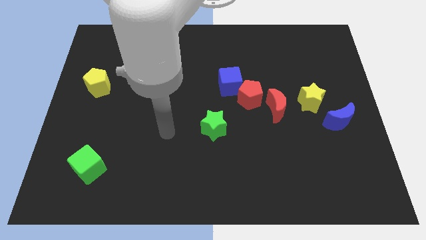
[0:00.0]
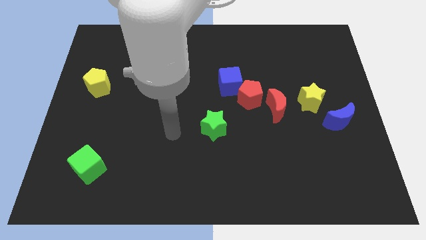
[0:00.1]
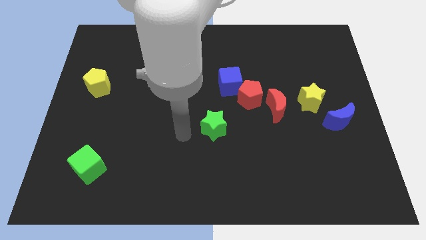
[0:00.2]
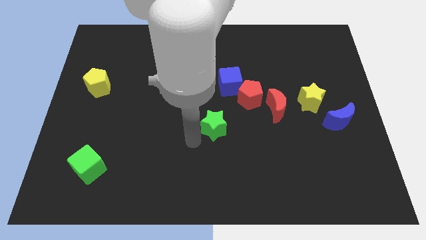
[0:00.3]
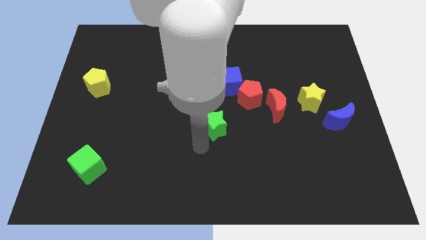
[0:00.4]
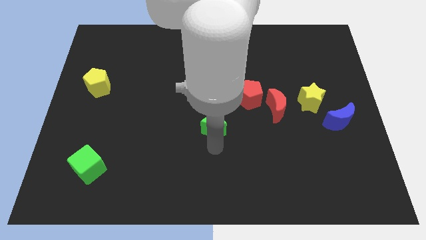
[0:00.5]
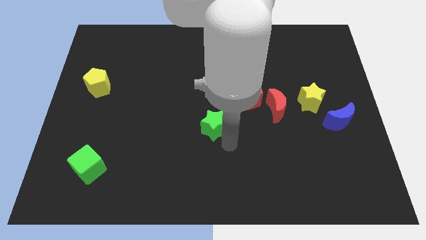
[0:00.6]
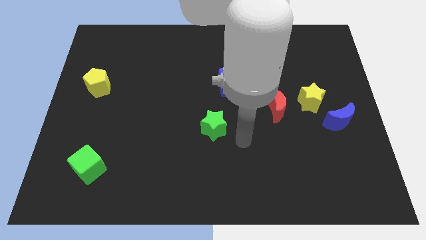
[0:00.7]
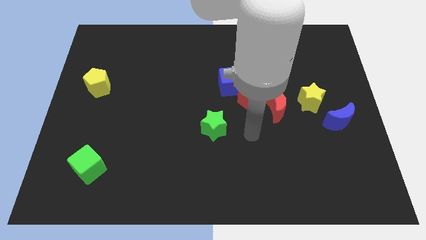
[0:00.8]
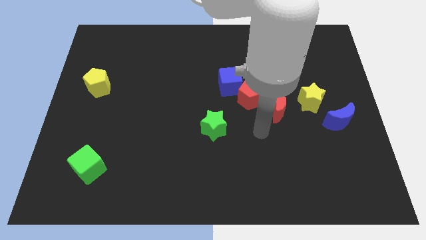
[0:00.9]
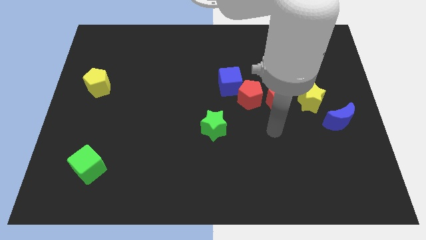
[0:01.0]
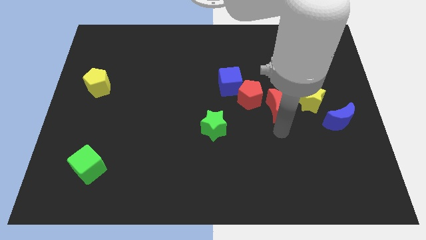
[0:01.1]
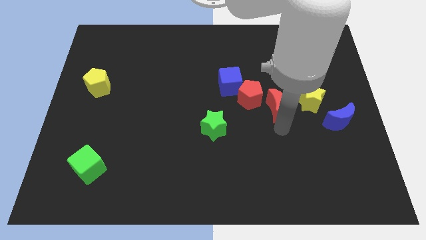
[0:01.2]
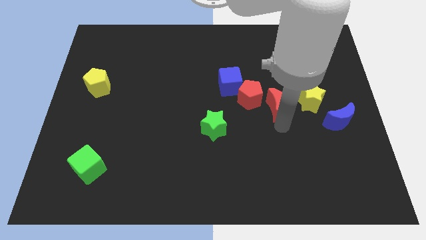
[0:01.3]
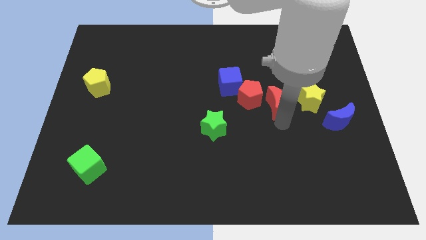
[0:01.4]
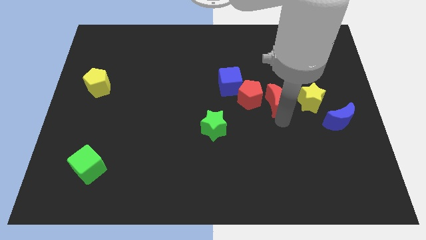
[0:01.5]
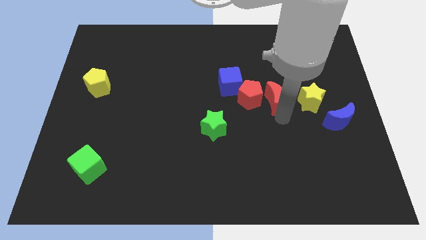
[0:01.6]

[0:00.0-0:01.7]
push the red moon to the right of the blue cube

- _Work to complete_
Exclude the pictures and reproduce every entry exactly.

- _The completed task_
[0:00.0]
[0:00.1]
[0:00.2]
[0:00.3]
[0:00.4]
[0:00.5]
[0:00.6]
[0:00.7]
[0:00.8]
[0:00.9]
[0:01.0]
[0:01.1]
[0:01.2]
[0:01.3]
[0:01.4]
[0:01.5]
[0:01.6]

[0:00.0-0:01.7]
push the red moon to the right of the blue cube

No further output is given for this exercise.